§ EXERCISE AIM
Filter this material down to the lines that hold "einfach", copying each one.

§ SUPPLIED RECORDS
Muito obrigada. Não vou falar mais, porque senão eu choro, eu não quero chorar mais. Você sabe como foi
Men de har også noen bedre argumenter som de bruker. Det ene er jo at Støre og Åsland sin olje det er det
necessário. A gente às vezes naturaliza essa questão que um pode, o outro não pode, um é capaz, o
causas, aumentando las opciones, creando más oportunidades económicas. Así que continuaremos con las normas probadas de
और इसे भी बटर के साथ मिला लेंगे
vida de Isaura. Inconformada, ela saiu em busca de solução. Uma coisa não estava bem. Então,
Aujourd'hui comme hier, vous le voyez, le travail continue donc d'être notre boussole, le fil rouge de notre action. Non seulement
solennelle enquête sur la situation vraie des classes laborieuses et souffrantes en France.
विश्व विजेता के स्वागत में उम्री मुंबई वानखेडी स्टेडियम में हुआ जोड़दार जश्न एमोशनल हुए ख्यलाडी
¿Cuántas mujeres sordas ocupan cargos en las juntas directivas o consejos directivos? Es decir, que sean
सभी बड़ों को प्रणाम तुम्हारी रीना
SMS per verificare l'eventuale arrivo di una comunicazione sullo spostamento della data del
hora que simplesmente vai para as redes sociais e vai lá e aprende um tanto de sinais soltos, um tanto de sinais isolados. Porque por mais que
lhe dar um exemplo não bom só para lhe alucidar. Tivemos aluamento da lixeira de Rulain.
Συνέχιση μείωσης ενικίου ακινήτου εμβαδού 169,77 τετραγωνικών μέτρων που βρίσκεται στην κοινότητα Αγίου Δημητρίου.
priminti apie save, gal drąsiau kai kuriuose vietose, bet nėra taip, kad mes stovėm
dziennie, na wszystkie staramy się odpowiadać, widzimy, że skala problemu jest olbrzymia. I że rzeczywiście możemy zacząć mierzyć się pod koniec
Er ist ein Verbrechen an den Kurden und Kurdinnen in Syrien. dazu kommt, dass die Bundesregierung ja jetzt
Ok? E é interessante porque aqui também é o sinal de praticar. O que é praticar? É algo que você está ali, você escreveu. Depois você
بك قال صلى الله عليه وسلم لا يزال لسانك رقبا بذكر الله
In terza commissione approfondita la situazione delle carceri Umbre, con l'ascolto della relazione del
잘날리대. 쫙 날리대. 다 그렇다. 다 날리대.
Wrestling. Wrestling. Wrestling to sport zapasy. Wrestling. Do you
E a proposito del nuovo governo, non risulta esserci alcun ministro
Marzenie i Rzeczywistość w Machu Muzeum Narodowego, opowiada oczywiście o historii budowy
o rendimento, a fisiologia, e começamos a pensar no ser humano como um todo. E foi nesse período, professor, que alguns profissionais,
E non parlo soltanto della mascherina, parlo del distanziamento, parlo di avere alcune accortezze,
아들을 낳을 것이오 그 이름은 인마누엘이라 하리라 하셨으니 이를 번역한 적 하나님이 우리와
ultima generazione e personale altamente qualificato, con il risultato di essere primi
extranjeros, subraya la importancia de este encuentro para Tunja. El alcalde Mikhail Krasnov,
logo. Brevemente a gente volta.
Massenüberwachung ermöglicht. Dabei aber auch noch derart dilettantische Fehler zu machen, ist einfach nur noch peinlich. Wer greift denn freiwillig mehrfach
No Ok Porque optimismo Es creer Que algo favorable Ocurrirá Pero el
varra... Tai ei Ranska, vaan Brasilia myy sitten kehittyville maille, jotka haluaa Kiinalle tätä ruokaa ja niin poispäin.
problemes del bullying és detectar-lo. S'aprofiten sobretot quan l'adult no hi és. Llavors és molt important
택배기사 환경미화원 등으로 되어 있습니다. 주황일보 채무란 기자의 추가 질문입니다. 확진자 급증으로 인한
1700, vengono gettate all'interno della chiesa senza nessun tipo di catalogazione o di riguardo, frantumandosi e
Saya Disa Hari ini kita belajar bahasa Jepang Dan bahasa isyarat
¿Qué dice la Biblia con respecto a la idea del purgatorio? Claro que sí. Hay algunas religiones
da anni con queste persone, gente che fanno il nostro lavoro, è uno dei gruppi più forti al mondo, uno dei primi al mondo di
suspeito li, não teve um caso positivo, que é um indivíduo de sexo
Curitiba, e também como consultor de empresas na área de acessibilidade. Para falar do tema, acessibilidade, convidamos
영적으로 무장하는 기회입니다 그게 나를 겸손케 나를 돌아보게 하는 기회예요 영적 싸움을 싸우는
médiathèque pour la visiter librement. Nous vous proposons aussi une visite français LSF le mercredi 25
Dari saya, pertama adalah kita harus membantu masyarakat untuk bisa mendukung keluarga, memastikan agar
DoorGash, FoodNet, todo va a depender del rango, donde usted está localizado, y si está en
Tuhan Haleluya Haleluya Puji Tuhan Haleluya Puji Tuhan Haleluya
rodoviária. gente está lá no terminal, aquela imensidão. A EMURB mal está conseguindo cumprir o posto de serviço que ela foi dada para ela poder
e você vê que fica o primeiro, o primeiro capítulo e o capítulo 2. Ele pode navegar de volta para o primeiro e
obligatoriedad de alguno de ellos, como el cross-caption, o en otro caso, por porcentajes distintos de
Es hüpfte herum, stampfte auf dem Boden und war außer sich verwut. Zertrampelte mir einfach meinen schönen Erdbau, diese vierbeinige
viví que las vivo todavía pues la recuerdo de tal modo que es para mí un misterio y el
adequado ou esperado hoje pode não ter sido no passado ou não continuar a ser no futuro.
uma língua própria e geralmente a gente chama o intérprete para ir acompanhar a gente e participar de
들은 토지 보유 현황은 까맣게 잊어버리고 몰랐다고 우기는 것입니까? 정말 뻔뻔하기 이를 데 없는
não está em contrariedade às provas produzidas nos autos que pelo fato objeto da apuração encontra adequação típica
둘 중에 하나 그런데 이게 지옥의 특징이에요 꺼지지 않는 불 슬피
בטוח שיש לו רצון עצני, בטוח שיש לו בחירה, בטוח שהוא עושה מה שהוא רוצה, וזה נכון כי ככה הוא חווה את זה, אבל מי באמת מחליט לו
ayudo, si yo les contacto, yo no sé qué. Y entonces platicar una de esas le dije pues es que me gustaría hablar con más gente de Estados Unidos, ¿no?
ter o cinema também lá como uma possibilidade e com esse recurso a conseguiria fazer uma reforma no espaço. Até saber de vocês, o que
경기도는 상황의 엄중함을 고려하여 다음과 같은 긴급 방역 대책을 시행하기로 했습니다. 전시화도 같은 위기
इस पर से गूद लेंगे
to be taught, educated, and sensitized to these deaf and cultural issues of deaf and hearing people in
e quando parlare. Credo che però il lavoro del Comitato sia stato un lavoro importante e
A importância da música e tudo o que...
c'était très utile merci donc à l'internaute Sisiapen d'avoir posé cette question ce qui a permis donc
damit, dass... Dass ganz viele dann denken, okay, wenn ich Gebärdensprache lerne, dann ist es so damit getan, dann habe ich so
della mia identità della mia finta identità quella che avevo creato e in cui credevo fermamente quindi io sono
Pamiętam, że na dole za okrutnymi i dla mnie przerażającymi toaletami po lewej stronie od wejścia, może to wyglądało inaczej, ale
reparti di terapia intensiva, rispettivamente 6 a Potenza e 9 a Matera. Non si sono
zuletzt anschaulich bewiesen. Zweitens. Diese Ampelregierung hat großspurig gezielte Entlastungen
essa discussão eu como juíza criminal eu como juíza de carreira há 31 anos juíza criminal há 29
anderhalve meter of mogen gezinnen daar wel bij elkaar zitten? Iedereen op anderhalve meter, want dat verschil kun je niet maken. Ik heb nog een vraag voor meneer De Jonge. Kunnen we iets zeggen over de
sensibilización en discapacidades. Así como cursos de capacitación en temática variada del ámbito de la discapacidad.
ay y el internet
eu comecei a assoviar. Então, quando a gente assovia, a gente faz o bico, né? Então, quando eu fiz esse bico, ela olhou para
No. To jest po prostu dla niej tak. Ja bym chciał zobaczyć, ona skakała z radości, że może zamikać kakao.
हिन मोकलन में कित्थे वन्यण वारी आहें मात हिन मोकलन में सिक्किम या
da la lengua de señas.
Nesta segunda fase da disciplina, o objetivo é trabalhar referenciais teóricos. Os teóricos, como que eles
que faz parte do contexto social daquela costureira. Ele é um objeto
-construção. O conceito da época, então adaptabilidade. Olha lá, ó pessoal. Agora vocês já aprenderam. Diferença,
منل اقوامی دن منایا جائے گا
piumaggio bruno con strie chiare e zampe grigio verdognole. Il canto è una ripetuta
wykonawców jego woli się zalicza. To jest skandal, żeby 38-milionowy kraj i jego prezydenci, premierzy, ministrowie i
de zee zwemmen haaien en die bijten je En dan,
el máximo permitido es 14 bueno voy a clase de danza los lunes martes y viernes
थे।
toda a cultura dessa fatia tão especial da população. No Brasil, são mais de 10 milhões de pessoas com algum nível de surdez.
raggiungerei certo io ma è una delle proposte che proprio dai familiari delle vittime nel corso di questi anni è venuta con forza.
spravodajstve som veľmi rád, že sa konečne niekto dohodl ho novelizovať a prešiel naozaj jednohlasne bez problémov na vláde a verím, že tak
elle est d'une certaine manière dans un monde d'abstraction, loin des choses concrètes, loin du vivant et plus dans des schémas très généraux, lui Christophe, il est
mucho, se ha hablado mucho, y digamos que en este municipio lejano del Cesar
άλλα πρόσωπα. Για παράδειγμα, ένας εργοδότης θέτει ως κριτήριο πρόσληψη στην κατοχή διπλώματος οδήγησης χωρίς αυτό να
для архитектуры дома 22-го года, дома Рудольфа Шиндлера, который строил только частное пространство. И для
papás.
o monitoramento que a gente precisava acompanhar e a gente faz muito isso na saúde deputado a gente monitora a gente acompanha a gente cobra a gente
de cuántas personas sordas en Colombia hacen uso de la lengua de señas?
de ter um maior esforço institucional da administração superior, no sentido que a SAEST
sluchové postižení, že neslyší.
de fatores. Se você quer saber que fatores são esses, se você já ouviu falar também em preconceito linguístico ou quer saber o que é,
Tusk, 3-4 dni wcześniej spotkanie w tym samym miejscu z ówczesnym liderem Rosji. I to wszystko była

§ WRITTEN ANSWER
Massenüberwachung ermöglicht. Dabei aber auch noch derart dilettantische Fehler zu machen, ist einfach nur noch peinlich. Wer greift denn freiwillig mehrfach
Es hüpfte herum, stampfte auf dem Boden und war außer sich verwut. Zertrampelte mir einfach meinen schönen Erdbau, diese vierbeinige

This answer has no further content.